Estuve a punto de pasarme el desvío a la rampa de la que salían los barcos que cruzaban el fiordo, cerca de su desembocadura en el mar. El camino continuaba unas decenas de kilómetros hasta algunos pueblitos escondidos del mundo, antes de interrumpirse definitivamente. Yo lo dejaría un poco antes, para cruzar el fiordo y seguir la carretera de la costa hasta Puerto Montt. Unas barcazas hacían el recorrido con cierta frecuencia, y con suerte llegué a tiempo de embarcarme, y no tuve que esperar ni cinco minutos antes de zarpar. El frío se había agudizado, y navegando las negras aguas bajo un cielo que se había cubierto ya por completo, mi ropa ligera de bicicleta no bastaba. En veinte minutos desembarcamos en la orilla norte, y en seguida busqué un restaurantito en el pueblo para entrar en calor con una buena sopa. Los kilómetros que seguían no eran muy difíciles, bordeando suavemente la costa de la bahía que conducía a la ciudad, sin grandes desniveles, entre lomas y campos más domesticados de lo que venía viendo los últimos días, pero siempre con el fondo de grandes moles montañosas y nevados.

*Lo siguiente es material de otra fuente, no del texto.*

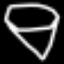
Label: diamond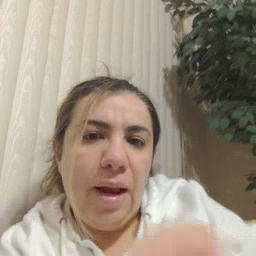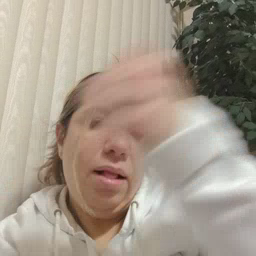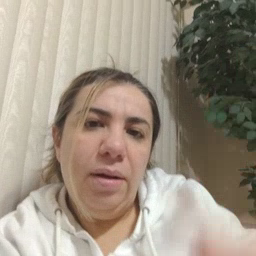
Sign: another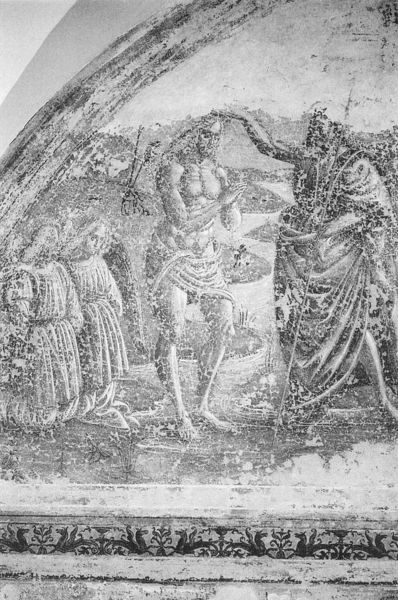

Llegué de vuelta a la civilización de la ciudad con una sensación extraña, como de un náufrago que viera gente por primera vez en años. Estaba cubierto de mugre, de frío y del viento que se me adhiriese a la piel en las montañas del interior. Puerto Montt crecía a lo largo de un paseo marítimo y de un activo puerto que ensuciaba las aguas, tan limpias sólo unos kilómetros antes. Mucha gente paseaba a esas horas, o tomaba los rayos de un sol muriente que había vuelto a asomarse tras la línea de nubes, ya rozando el horizonte. En las callejas cercanas a la terminal de autobuses, poco antes del puerto, encontré una pensión a mi alcance, a riesgo de tener que andar con mil ojos para regresar por la noche después de un paseo. Como ciudad grande y portuaria, rezumaba en seguida un ligero aroma venenoso, de miradas cortantes y reyertas de taberna. Era cuestión de dejar todas mis cosas a buen recaudo, y de andar atento por si había que echar a correr.






En realidad no tuve ningún problema, aun cuando las calles se quedaron desiertas en cuanto se perdió la última luz del atardecer. Para reconciliarme con la vida civilizada, después de cenar me dí un pequeño homenaje con un buen café en la cafetería más exclusiva del centro, donde lo más granado de la ciudad se daba cita cuando todo lo demás se cerraba a cal y canto para pasar las horas de las brujas sin ser notado.